A Valeska Grisebach le resulta esencial encontrar en el proceso una resistencia: encontrar lo que no puede inventar tiene mucho que ver con hacer la película. Mirar a la gente con una luz determinada en una situación concreta.
Me conmueve ese instante preciso y siempre lo estoy buscando. Me irrita si todo está planeado a la perfección. Comienzo siempre con un poco de caos.

Una combinación variable de caos y control, planificación y sorpresa; una tensión entre observación atenta y construcción medida, eso sí, tras una larga preparación, cifra el método de Grisebach. Por ejemplo, escribe un guión que define con precisión el subtexto (o subtextos) de las escenas, pero la descripción de lo que acontece es apenas una posibilidad, que se materializará o no durante el rodaje; un guión que no les da a leer a los no actores: habla con ellos de la escena y hablando la construyen y acaban dando forma.
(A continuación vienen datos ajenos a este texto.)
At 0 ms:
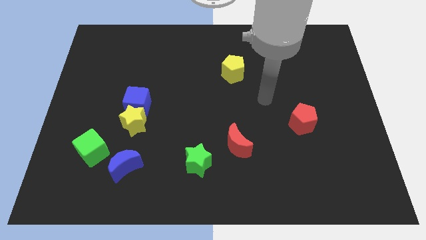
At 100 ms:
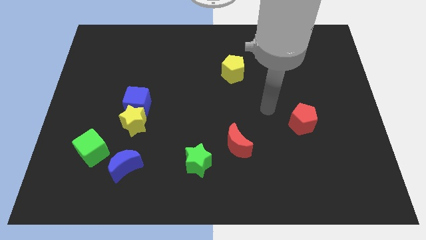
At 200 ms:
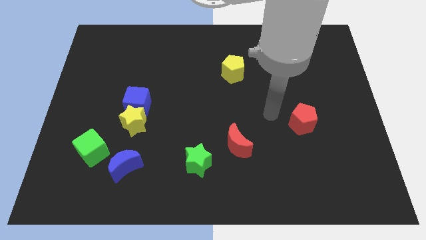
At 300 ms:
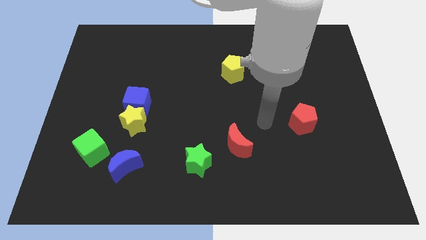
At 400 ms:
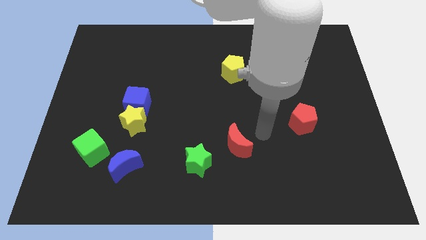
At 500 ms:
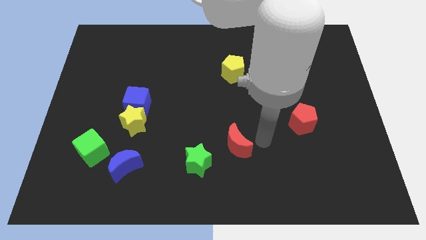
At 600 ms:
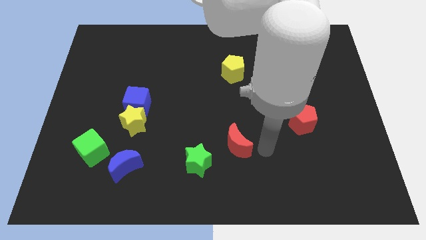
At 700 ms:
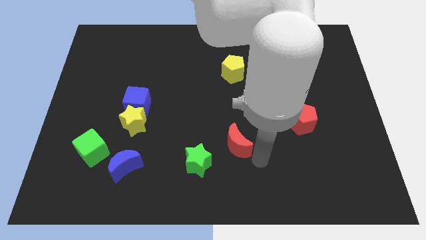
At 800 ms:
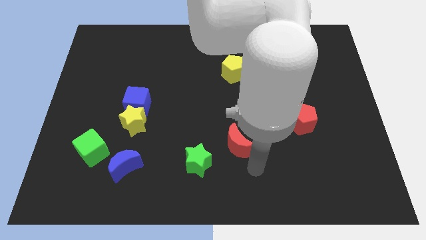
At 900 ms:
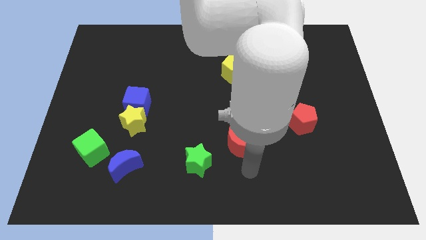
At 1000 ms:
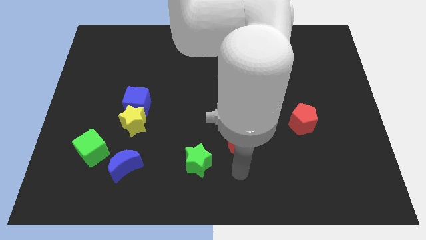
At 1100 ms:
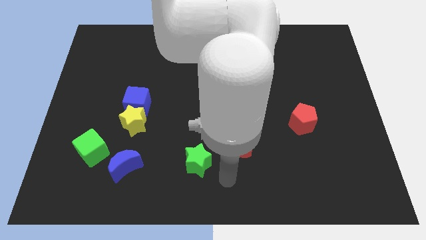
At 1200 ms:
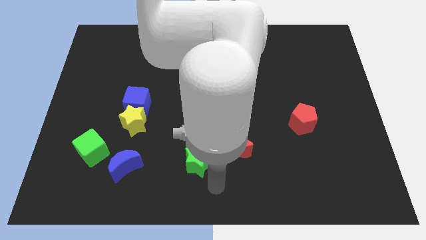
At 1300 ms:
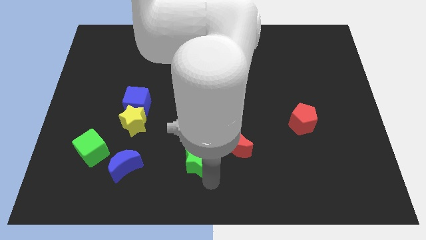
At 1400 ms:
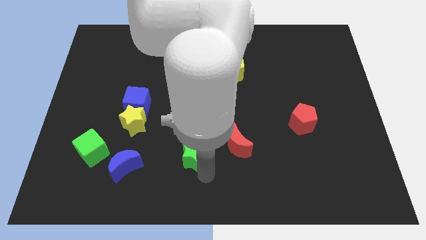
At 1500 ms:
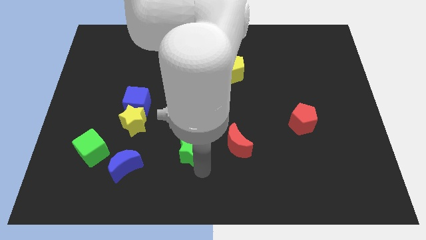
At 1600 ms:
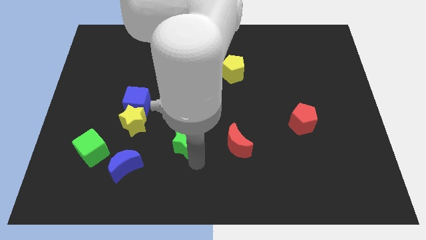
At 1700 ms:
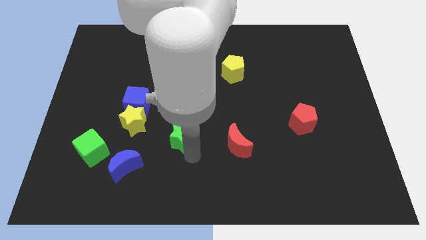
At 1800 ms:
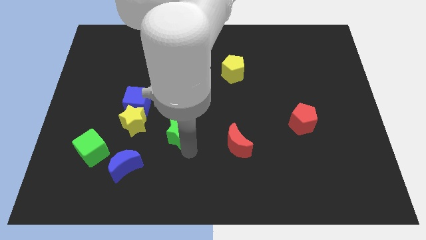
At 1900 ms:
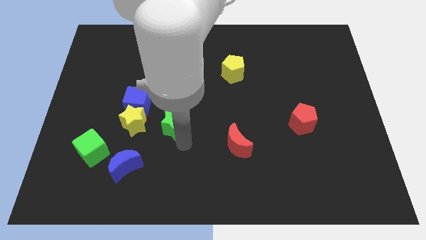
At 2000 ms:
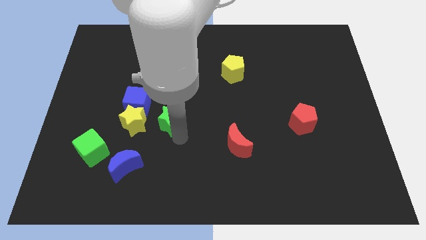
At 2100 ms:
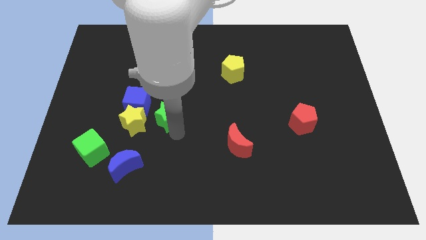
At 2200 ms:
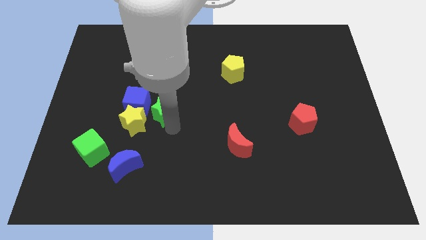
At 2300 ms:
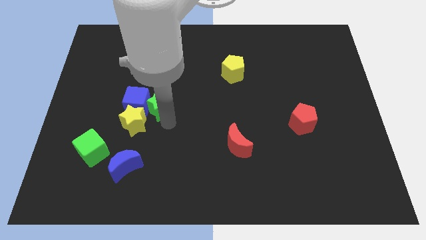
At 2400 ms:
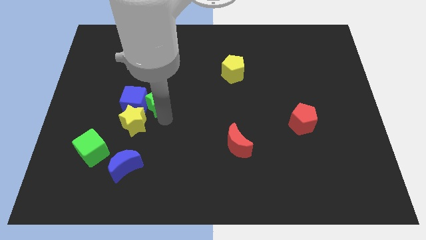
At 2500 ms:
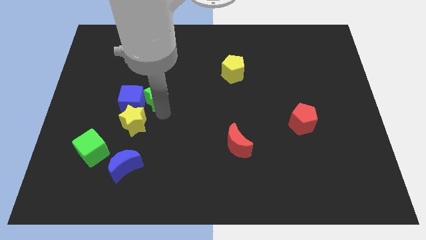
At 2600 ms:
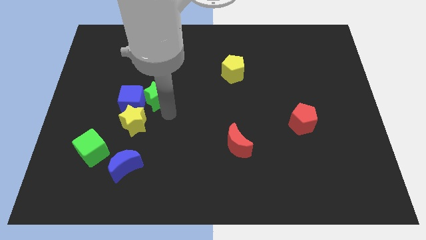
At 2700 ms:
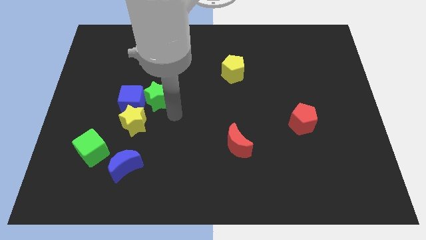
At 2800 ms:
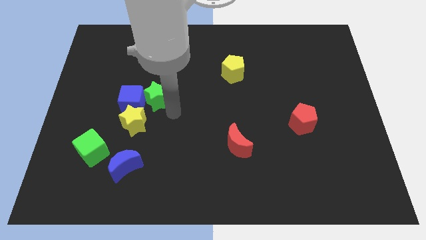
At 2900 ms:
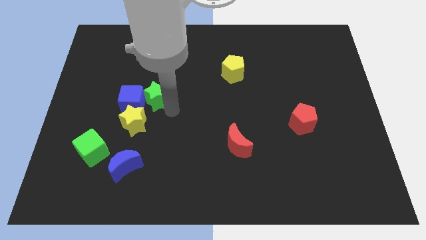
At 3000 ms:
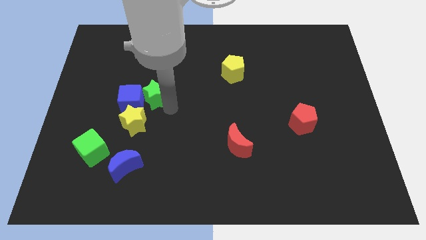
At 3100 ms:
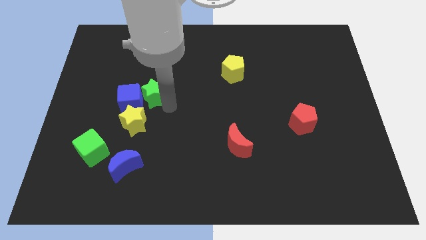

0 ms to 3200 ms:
move the green star up and to the left

Una materia fílmica que también cristaliza gracias a la estrecha colaboración con el director de fotografía y operador Bernhard Keller, y con la montadora Bettina Böhler. 


La preparación de Western culminó con la decisión de filmar la fricción entre un grupo de trabajadores alemanes contratados para la construcción de una central hidroeléctrica, en una región montañosa de Bulgaria fronteriza con Grecia, y los vecinos de una aldea próxima.
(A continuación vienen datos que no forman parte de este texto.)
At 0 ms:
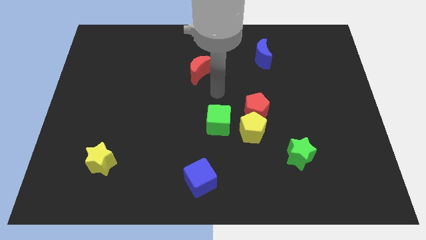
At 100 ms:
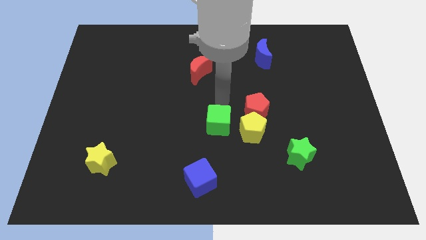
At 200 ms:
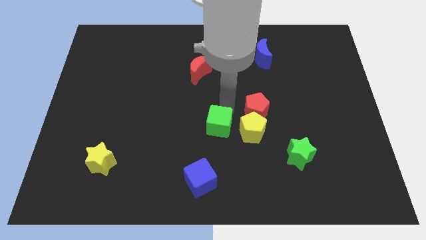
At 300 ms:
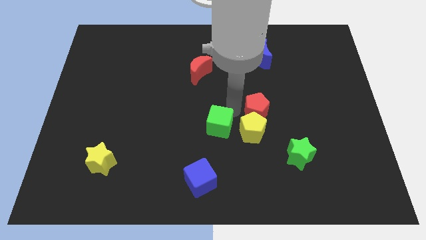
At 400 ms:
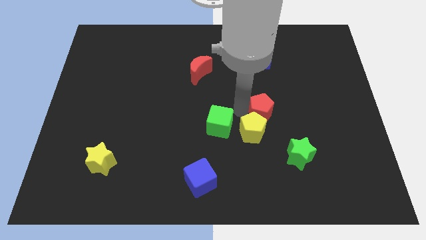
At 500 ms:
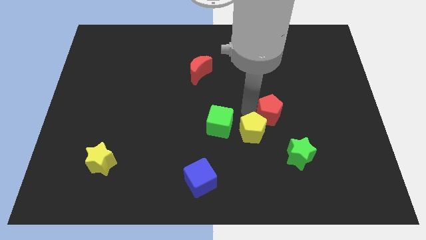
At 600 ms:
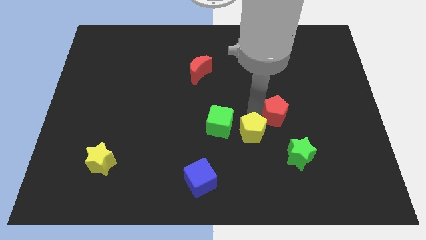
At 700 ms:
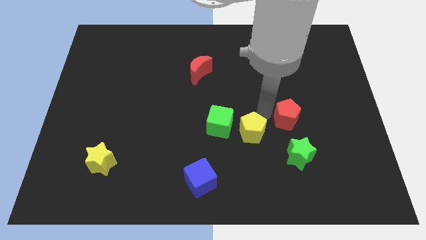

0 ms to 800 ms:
push the red pentagon a little bit to the right

Meinhard, el obrero protagonista (un tipo errante, callado y  melancólico, de la estirpe de los solitarios que encarnó Randolph Scott con Budd Boetticher), transita entre los dos grupos, en la porfía de encontrar un hogar en aquella frontera, en la procura de hacerse un sitio en la comunidad de los otros, como reinventándose...


El camino de Meinhard, pespuntado de rituales cotidianos, deviene un aprendizaje para ser otro con los otros y revela la complejidad del hecho de pertenecer a un lugar. Ver a Meinhard sentado en el porche del bar de la aldea, como si llevara haciéndolo toda la vida después del trabajo, y evocar a Henry Fonda en My Darling Clementine es todo uno.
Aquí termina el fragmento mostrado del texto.